(Data extracted from a collection)
——————————
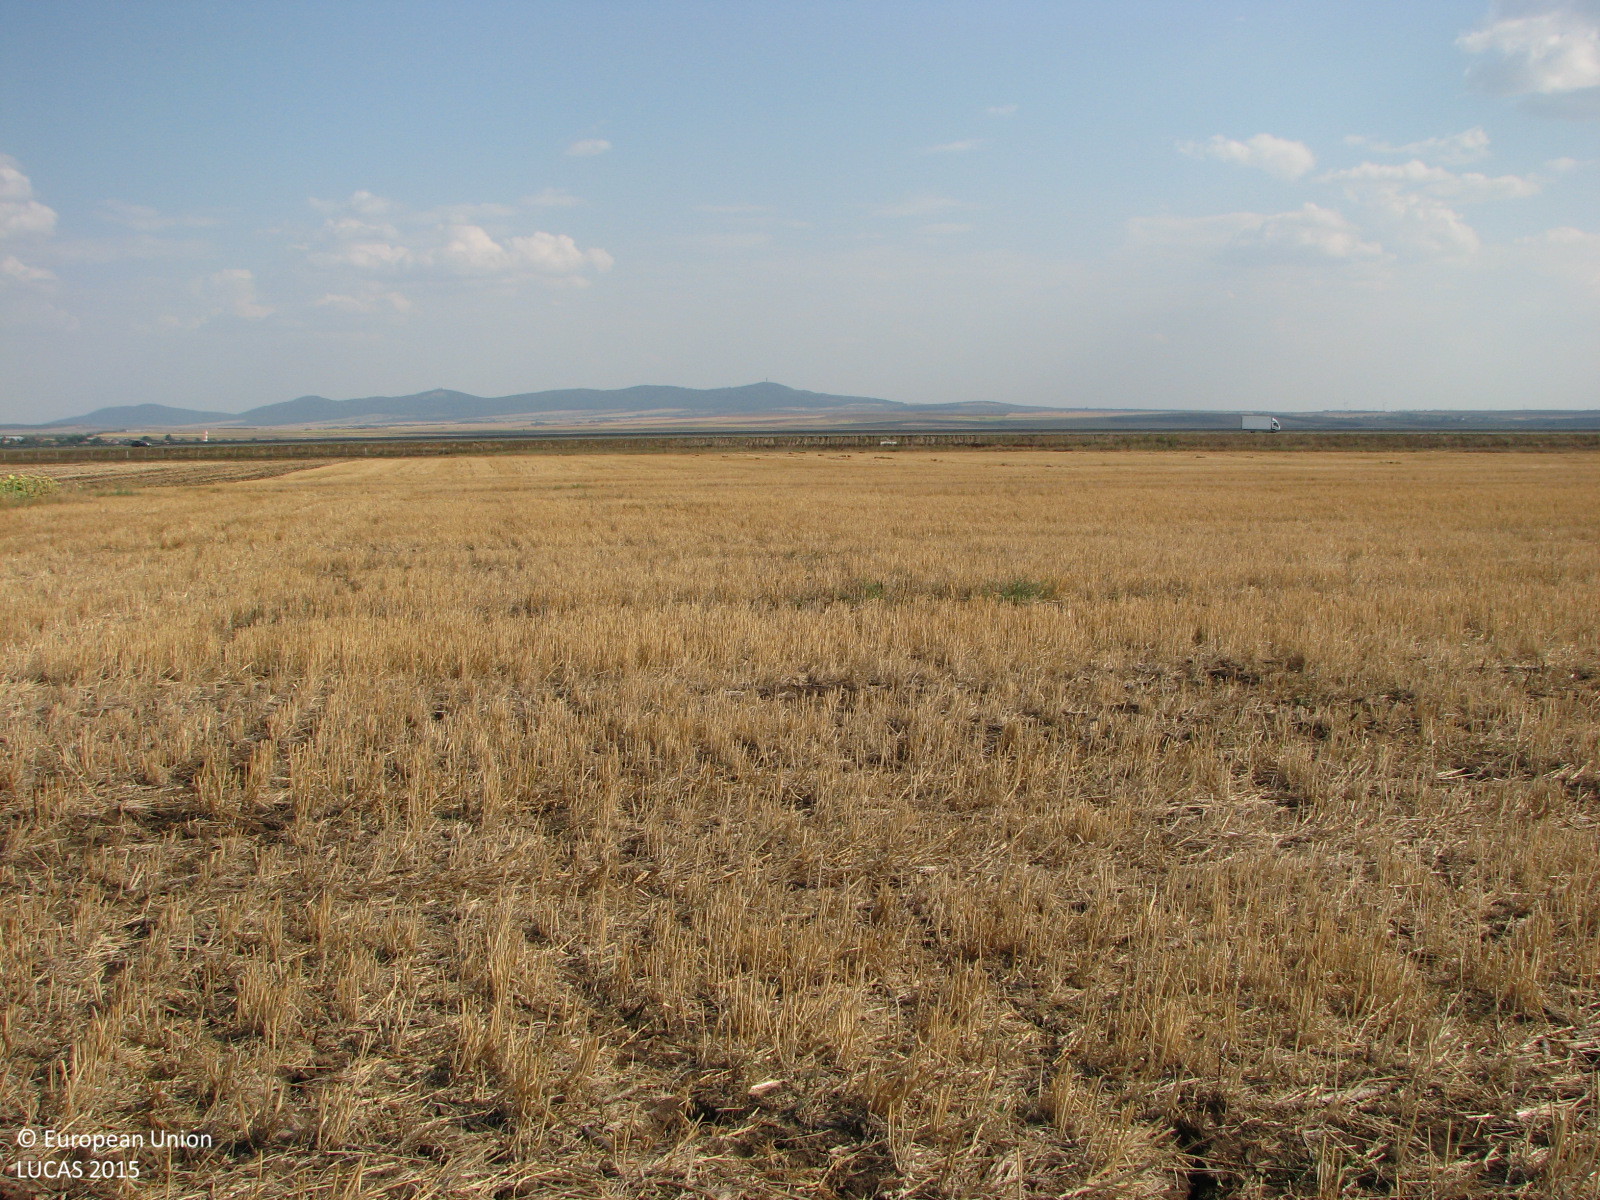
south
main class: Cropland
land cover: Common wheat
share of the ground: 25 - 50 %
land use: Agriculture (excluding fallow land and kitchen gardens)
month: August
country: BG
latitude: 42.5608
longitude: 26.5998
——————————
- **AIM OF THE TASK**
An exact repeat of all the data is required, pictures excluded.

- **OUTPUT FOR THIS TASK**
south
main class: Cropland
land cover: Common wheat
share of the ground: 25 - 50 %
land use: Agriculture (excluding fallow land and kitchen gardens)
month: August
country: BG
latitude: 42.5608
longitude: 26.5998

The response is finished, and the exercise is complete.